» WHAT IS REQUIRED:
For the records below, output word for word the lines from the one with "H&E-stained tissue: Breast" up to and including the one with "Pulmonary congestion: 2". No pictures.

» SUPPLIED ENTRIES:
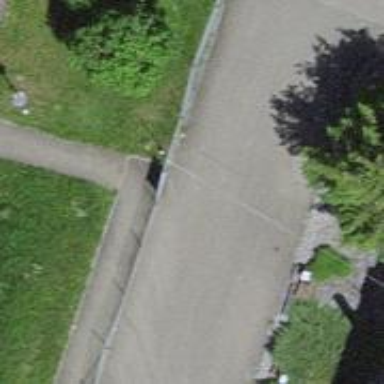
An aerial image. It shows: Footway surfaced with paving stones.
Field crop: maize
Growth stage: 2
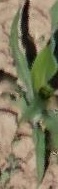
Species: maize
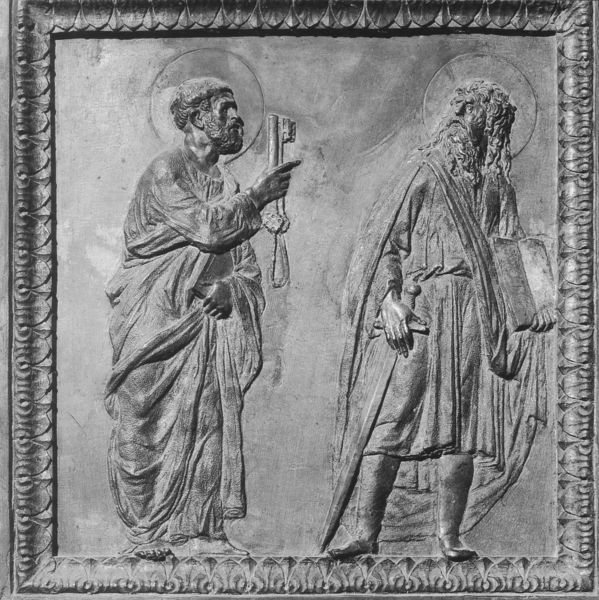
Titel: Aposteltür
Künstler: Donatello
Standort: Florenz, S. Lorenzo (EU - I - Toskana)
Schlagwörter: hand, mann, umhang, kleid, männer, schwarz, tür, blick, bart, bärte, falten, rahmen, stein, vollbart, gewand, haare, gewänder, relief, tafel, bronze, faltenwurf, barfuss, buch, schwert, heiligenschein, toga, romanik, florenz, heilige, schlüssel, heilig, petrus, quadrat, kassette, heiligenscheine, apostel
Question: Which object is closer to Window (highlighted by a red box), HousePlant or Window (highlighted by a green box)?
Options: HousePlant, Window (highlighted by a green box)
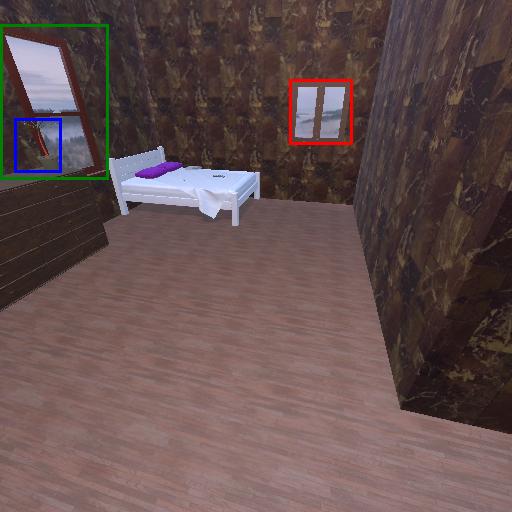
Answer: HousePlant
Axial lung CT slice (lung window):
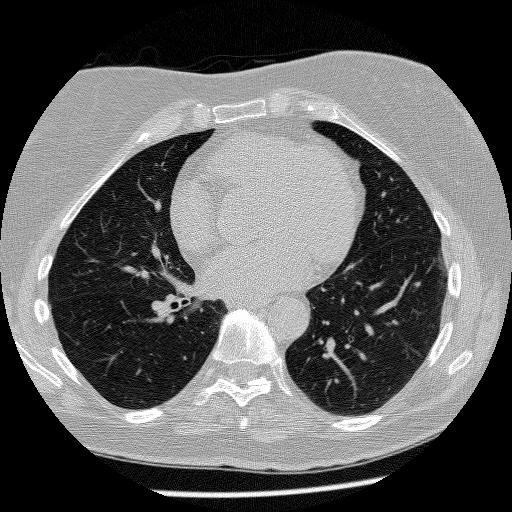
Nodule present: no
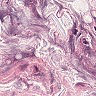
Metastatic tissue present: no
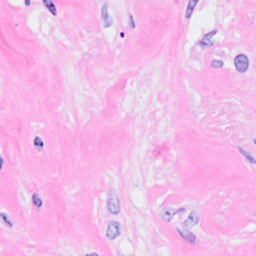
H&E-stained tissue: Breast
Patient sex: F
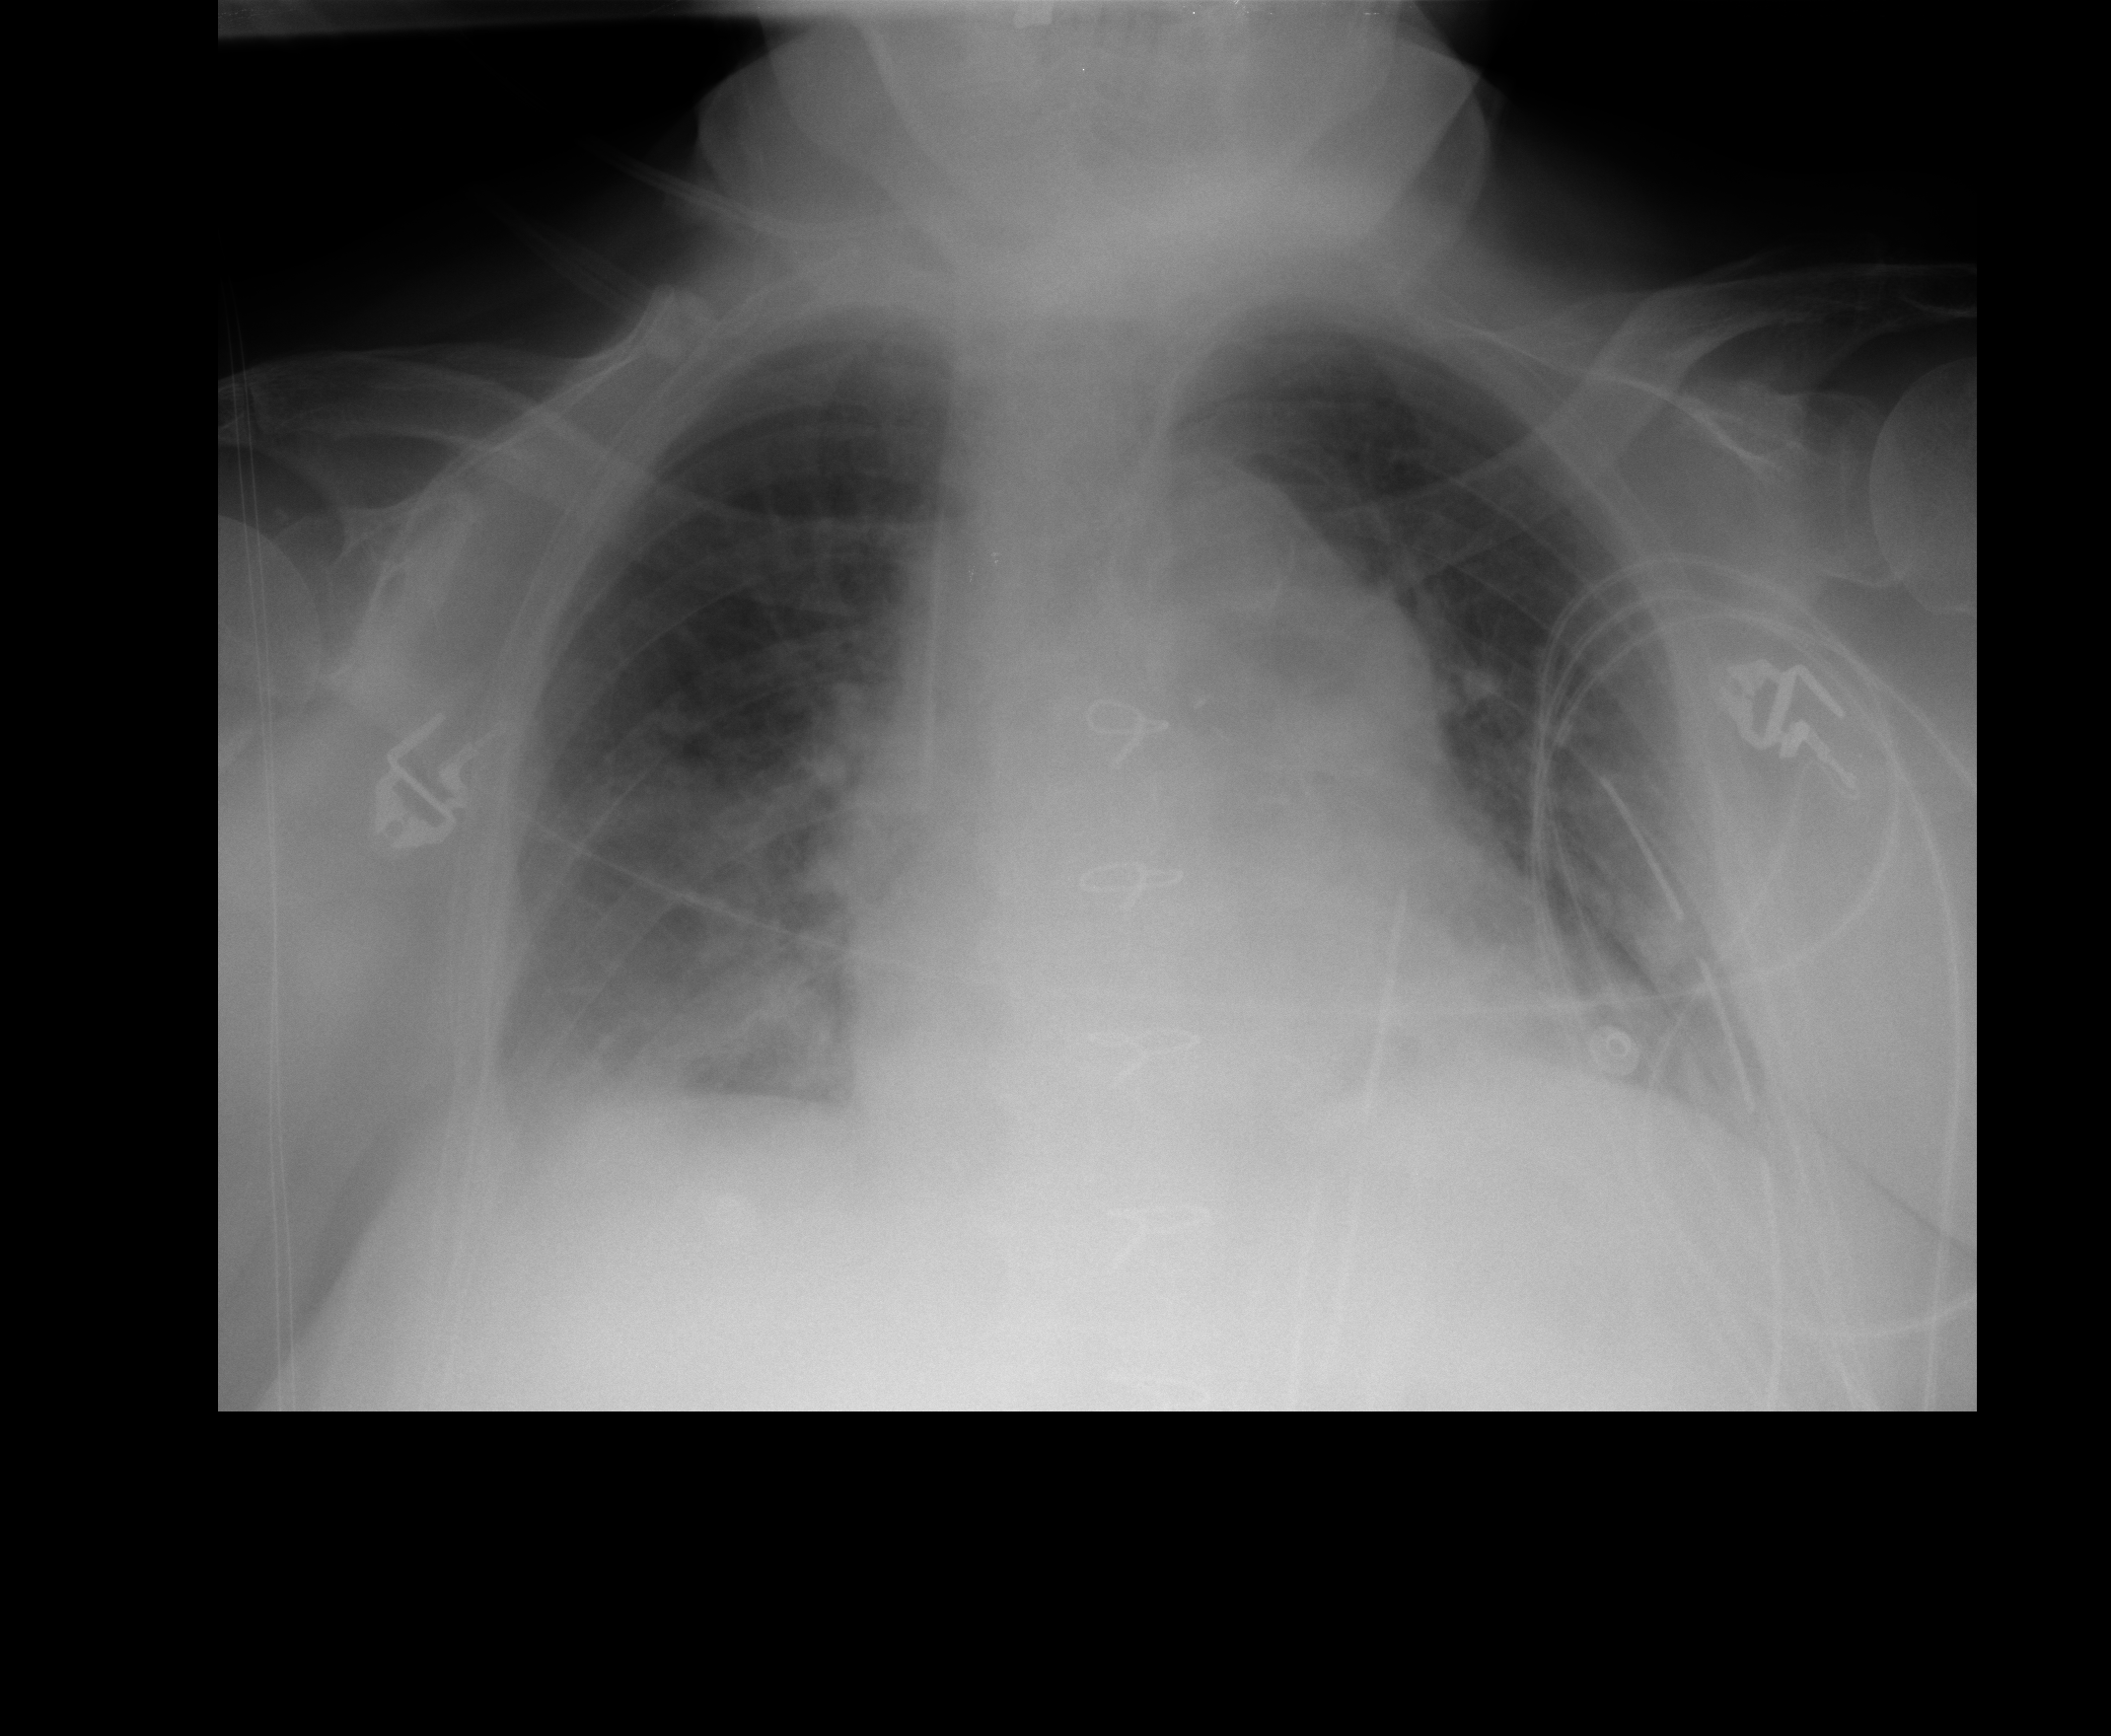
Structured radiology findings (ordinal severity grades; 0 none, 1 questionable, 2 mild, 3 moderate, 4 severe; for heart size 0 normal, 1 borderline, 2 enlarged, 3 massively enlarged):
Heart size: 0
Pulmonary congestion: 2
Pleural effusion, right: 1
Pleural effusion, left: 2
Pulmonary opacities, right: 0
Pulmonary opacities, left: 0
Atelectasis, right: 2
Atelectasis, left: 2

» SOLVED PROBLEM:
H&E-stained tissue: Breast
Patient sex: F
Structured radiology findings (ordinal severity grades; 0 none, 1 questionable, 2 mild, 3 moderate, 4 severe; for heart size 0 normal, 1 borderline, 2 enlarged, 3 massively enlarged):
Heart size: 0
Pulmonary congestion: 2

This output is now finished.